Will they ‘sit up in attention'?


Playing God is always harder than it looks.

I’ve heard variations on this line for decades. It’s a handy truth to keep around when you run afoul with someone who has illusions of grandeur and wields power beyond his conscience and intellect.

Donald Trump comes to mind. One example. Just look at the way he scribbles his name across executive orders. There’s the half-inch tip on the black felt pen he uses. His script is close to an inch in height. The signature on the document is illegible, mystically inscrutable. But the key element in this repeated bit of theatrics is how Trump grasps the finished document he may or may not have read, raises it above his flowing orange mane, and then thrusts it forward into the TV cameras, into our faces.

I would bet he’s done this imitation of Charlton Heston as Moses and the Ten Commandments at parties for years. He’s probably held up everything from a Trump University diploma to his income tax returns. It’s a funny bit. At least Mike Pence laughs every time this once Golden God of the tabloids does his tablets imitation.

But none of us should be laughing or encouraging this deity in his own mind. This is the man, the president of our democratic republic, who praised Kim Jong-un, the killer-dictator of North Korea, with these very words:

“He speaks and his people sit up in attention. I want my people to do the same.”

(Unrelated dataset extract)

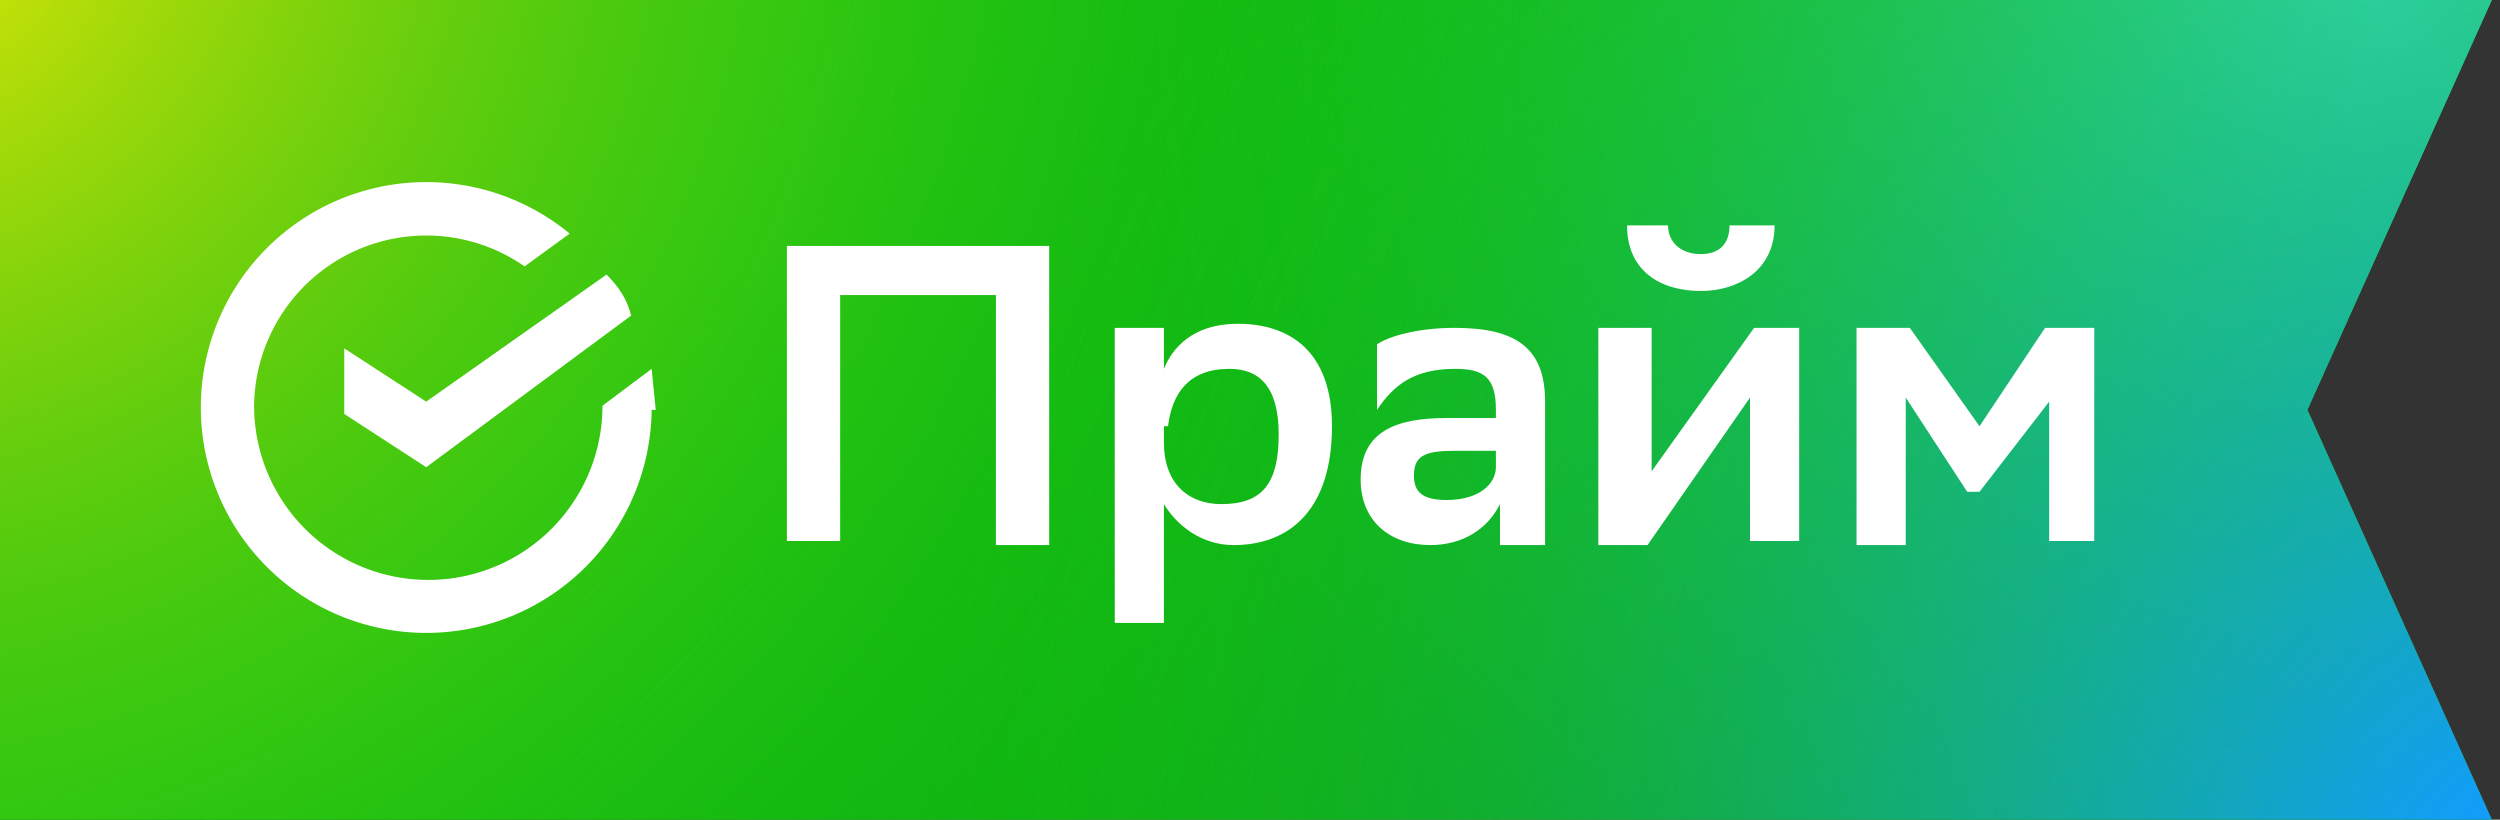 <svg xmlns="http://www.w3.org/2000/svg" width="61" height="20" fill="none" viewBox="0 0 61 20"><rect x="0" y="0" width="61" height="20" fill="#333333" stroke="none"/><g clip-path="url(#a)"><path fill="#0C9C0C" d="M0 0h60.8l-4.5 10 4.5 10H0V0Z"/><path fill="url(#b)" d="M0 0h60.8l-4.5 10 4.5 10H0V0Z"/><path fill="url(#c)" d="M0 0h60.8l-4.5 10 4.5 10H0V0Z"/><path fill="url(#d)" d="M0 0h60.8l-4.5 10 4.5 10H0V0Z"/><path fill="url(#e)" d="M0 0h60.8l-4.5 10 4.5 10H0V0Z"/><path fill="#fff" d="M24.3 13.3V7.2h-3.8v6h-1.3V6h6.4v7.3h-1.3ZM28.4 10.4v.4c0 1 .6 1.5 1.4 1.5 1 0 1.4-.5 1.4-1.7S30.7 9 30 9c-1 0-1.4.6-1.5 1.4Zm-1.2 4.9V8h1.2v1c.2-.5.7-1.1 1.8-1.1 1.3 0 2.3.7 2.3 2.5 0 2-1 2.9-2.4 2.9-.8 0-1.4-.5-1.7-1v2.9h-1.2ZM35.3 12.2c.8 0 1.2-.4 1.2-.8V11h-1c-.7 0-1 .1-1 .6 0 .4.2.6.8.6ZM33.6 10V8.4c.3-.2 1-.4 1.9-.4 1.5 0 2.2.5 2.2 1.8v3.5h-1.1v-1c-.3.6-.9 1-1.7 1-1 0-1.7-.6-1.7-1.6 0-1.2.9-1.5 2.1-1.5h1.2V10c0-.8-.3-1-1-1-1 0-1.5.4-1.9 1ZM42.2 5.5h1.1c0 1.1-.9 1.6-1.8 1.6-1 0-1.8-.5-1.8-1.6h1c0 .4.3.7.8.7.4 0 .7-.2.7-.7ZM39 13.3V8h1.3v3.5L42.8 8h1.1v5.2h-1.2V9.7l-2.5 3.6H39ZM50 13.3V9.8L48.3 12H48l-1.5-2.3v3.6h-1.2V8h1.3l1.7 2.4L49.9 8h1.2v5.2H50ZM10.4 9.8l-2-1.3v1.6l2 1.3 5-3.7c-.1-.4-.3-.7-.6-1l-4.4 3.1Z"/><path fill="#fff" d="m16 10-.1-1-1.2.9a4.2 4.2 0 0 1-8.5 0 4.2 4.2 0 0 1 6.6-3.4l1.1-.8a5.5 5.5 0 1 0 2 4.3Z"/></g><defs><radialGradient id="b" cx="0" cy="0" r="1" gradientTransform="matrix(47.8 32.6 -32.7 48 -8.8 -7.9)" gradientUnits="userSpaceOnUse"><stop offset=".5" stop-color="#15D015"/><stop offset="1" stop-color="#15D015" stop-opacity="0"/></radialGradient><radialGradient id="c" cx="0" cy="0" r="1" gradientTransform="rotate(154 29 6.5) scale(30.3)" gradientUnits="userSpaceOnUse"><stop stop-color="#42E3B4"/><stop offset="1" stop-color="#15D015" stop-opacity="0"/></radialGradient><radialGradient id="d" cx="0" cy="0" r="1" gradientTransform="matrix(42 33.6 -33.6 42 -3.9 -3)" gradientUnits="userSpaceOnUse"><stop stop-color="#FAED05"/><stop offset=".7" stop-color="#0C9C0C" stop-opacity="0"/></radialGradient><radialGradient id="e" cx="0" cy="0" r="1" gradientTransform="matrix(-44.5 -10.7 10.8 -44.7 63.6 23.4)" gradientUnits="userSpaceOnUse"><stop offset=".1" stop-color="#129DFA"/><stop offset=".9" stop-color="#15D015" stop-opacity="0"/></radialGradient><clipPath id="a"><path fill="#fff" d="M0 0h61v20H0z"/></clipPath></defs></svg>

Some Americans are doing this. The Republicans in Congress. Trump is playing God and they “sit up in attention.” It remains to be seen if the American people, (“my people” in Trump’s mind), will do the same in the 2018 elections.

— Gary Daily

Terre Haute Tribune Star, June 29, 2018

Sunday, June 17, 2018

It's Easy to Believe Trump's Lies, Just Ignore the Truth



What does it mean to approve of someone who lies?

“What does it mean to “approve” of Trump?”

This headline is from another slippery Byron York column (Tribune-Star, June 9, 2018). It hides behind this and that, a poll here, a few grab quotes there. “Mean?” “‘Approve?’” Does York get close to answering the question posed? Far from it. If he was truly interested in answering such a query he would have to ask and answer this: What does it mean to approve of a leader who lies incessantly?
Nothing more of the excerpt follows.